»»

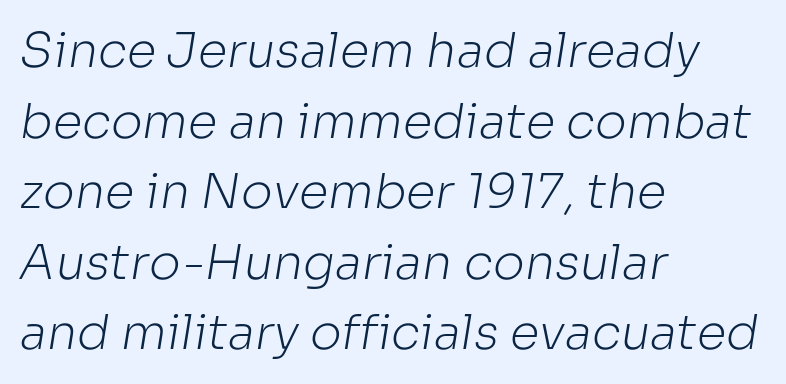
Q: Is the text bold? A: No.
Q: Is the typeface a serif or a sans-serif typeface? A: Sans-serif.
Q: Is the text underlined? A: No.
Q: How is the paragraph aligned? A: Left-aligned.
Q: Is the spacing between letters normal or unusually wide? A: Normal.
Q: Is the spacing between lines tight, normal or loose? A: Normal.
Q: Width (condensed, normal, or wide)? A: Normal.
Q: Stroke contrast? A: Low.
Q: x-height? A: Medium.
Q: Monospaced? A: No.
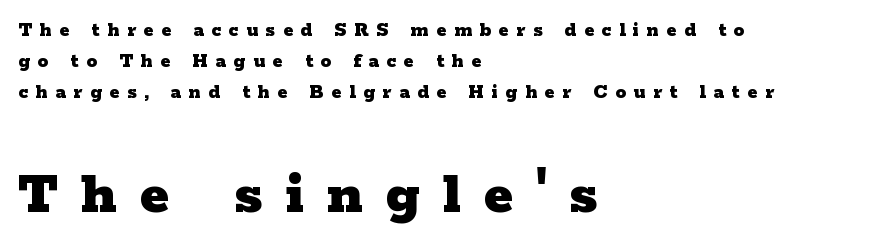
Q: Is the text bold? A: Yes.
Q: Is the text italic (slanted)? A: No, it is upright.
Q: Is the typeface a serif or a sans-serif typeface? A: Serif.
Q: Is the text underlined? A: No.
Q: How is the paragraph aligned? A: Left-aligned.
Q: Is the spacing between letters normal or unusually wide? A: Unusually wide.
Q: Is the spacing between lines tight, normal or loose? A: Normal.
Q: Which block of text is set in a larger size, the first (top) or the second (bottom)? A: The second (bottom) one.
Q: Width (condensed, normal, or wide)? A: Wide.
Q: Stroke contrast? A: Low.
Q: x-height? A: Medium.
Q: Monospaced? A: No.
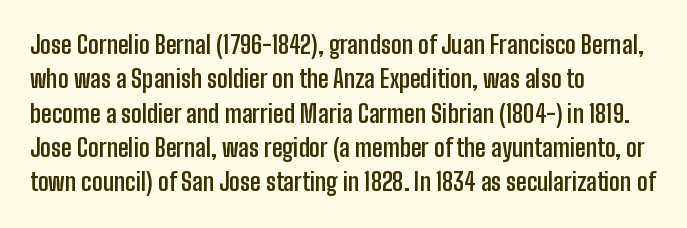
Q: Is the text bold? A: Yes.
Q: Is the text italic (slanted)? A: No, it is upright.
Q: Is the text underlined? A: No.
Q: How is the paragraph aligned? A: Left-aligned.
Q: Is the spacing between letters normal or unusually wide? A: Normal.
Q: Is the spacing between lines tight, normal or loose? A: Normal.
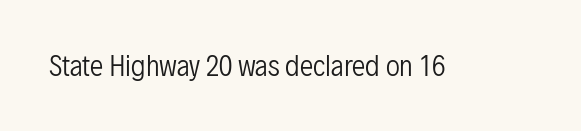
Has an underline been added? It has not. The type is set solid horizontally, with unmodified tracking. The characters are drawn with everyday or finer stroke widths. Every character sits straight up, as roman type does.
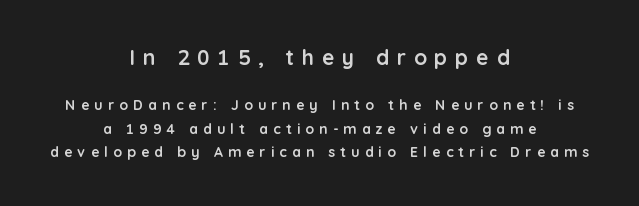
The image shows 21 px bold type, upright; set centered, normal line spacing (1.68x), unusually wide letter spacing (+0.37 em), not underlined; the first (top) block is 1.5x larger.
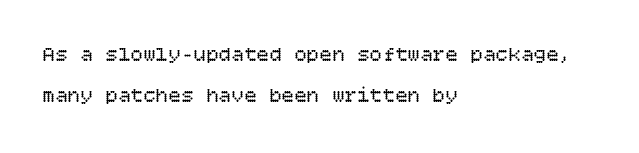
This sample uses an upright cut, with every glyph sitting square on the baseline. These lines keep a tight, regular rhythm from letter to letter. Rows of type keep a wide berth in the vertical direction. This rendering uses left alignment, leaving the right contour irregular. Vertical stems look standard width or narrower in stroke. The strip under each line holds only bare page.
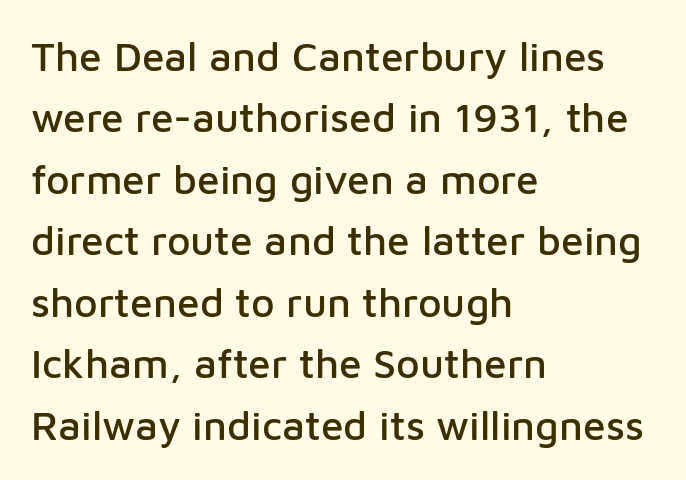
The designer left line spacing at the default. Honestly, there is no underline to notice here at all. These lines were composed using upright roman letters. Does extra space separate the letters? No, they use regular spacing. Where is the straight margin? On the left. Do the characters align in a grid? No, the font is proportional.

««

▸ WHAT THIS TASK INVOLVES:
All of the entries must be reproduced exactly, apart from the pictures, which are to be dropped.

▸ TASK RESULT:
Q: Is the text bold? A: No.
Q: Is the typeface a serif or a sans-serif typeface? A: Sans-serif.
Q: Is the text underlined? A: No.
Q: How is the paragraph aligned? A: Left-aligned.
Q: Is the spacing between letters normal or unusually wide? A: Normal.
Q: Is the spacing between lines tight, normal or loose? A: Normal.
Q: Width (condensed, normal, or wide)? A: Normal.
Q: Stroke contrast? A: Low.
Q: x-height? A: Medium.
Q: Monospaced? A: No.
Q: Is the text bold? A: Yes.
Q: Is the text italic (slanted)? A: No, it is upright.
Q: Is the typeface a serif or a sans-serif typeface? A: Serif.
Q: Is the text underlined? A: No.
Q: How is the paragraph aligned? A: Left-aligned.
Q: Is the spacing between letters normal or unusually wide? A: Unusually wide.
Q: Is the spacing between lines tight, normal or loose? A: Normal.
Q: Which block of text is set in a larger size, the first (top) or the second (bottom)? A: The second (bottom) one.
Q: Width (condensed, normal, or wide)? A: Wide.
Q: Stroke contrast? A: Low.
Q: x-height? A: Medium.
Q: Monospaced? A: No.
Q: Is the text bold? A: Yes.
Q: Is the text italic (slanted)? A: No, it is upright.
Q: Is the text underlined? A: No.
Q: How is the paragraph aligned? A: Left-aligned.
Q: Is the spacing between letters normal or unusually wide? A: Normal.
Q: Is the spacing between lines tight, normal or loose? A: Normal.
Has an underline been added? It has not. The type is set solid horizontally, with unmodified tracking. The characters are drawn with everyday or finer stroke widths. Every character sits straight up, as roman type does.
The image shows 21 px bold type, upright; set centered, normal line spacing (1.68x), unusually wide letter spacing (+0.37 em), not underlined; the first (top) block is 1.5x larger.
This sample uses an upright cut, with every glyph sitting square on the baseline. These lines keep a tight, regular rhythm from letter to letter. Rows of type keep a wide berth in the vertical direction. This rendering uses left alignment, leaving the right contour irregular. Vertical stems look standard width or narrower in stroke. The strip under each line holds only bare page.
The designer left line spacing at the default. Honestly, there is no underline to notice here at all. These lines were composed using upright roman letters. Does extra space separate the letters? No, they use regular spacing. Where is the straight margin? On the left. Do the characters align in a grid? No, the font is proportional.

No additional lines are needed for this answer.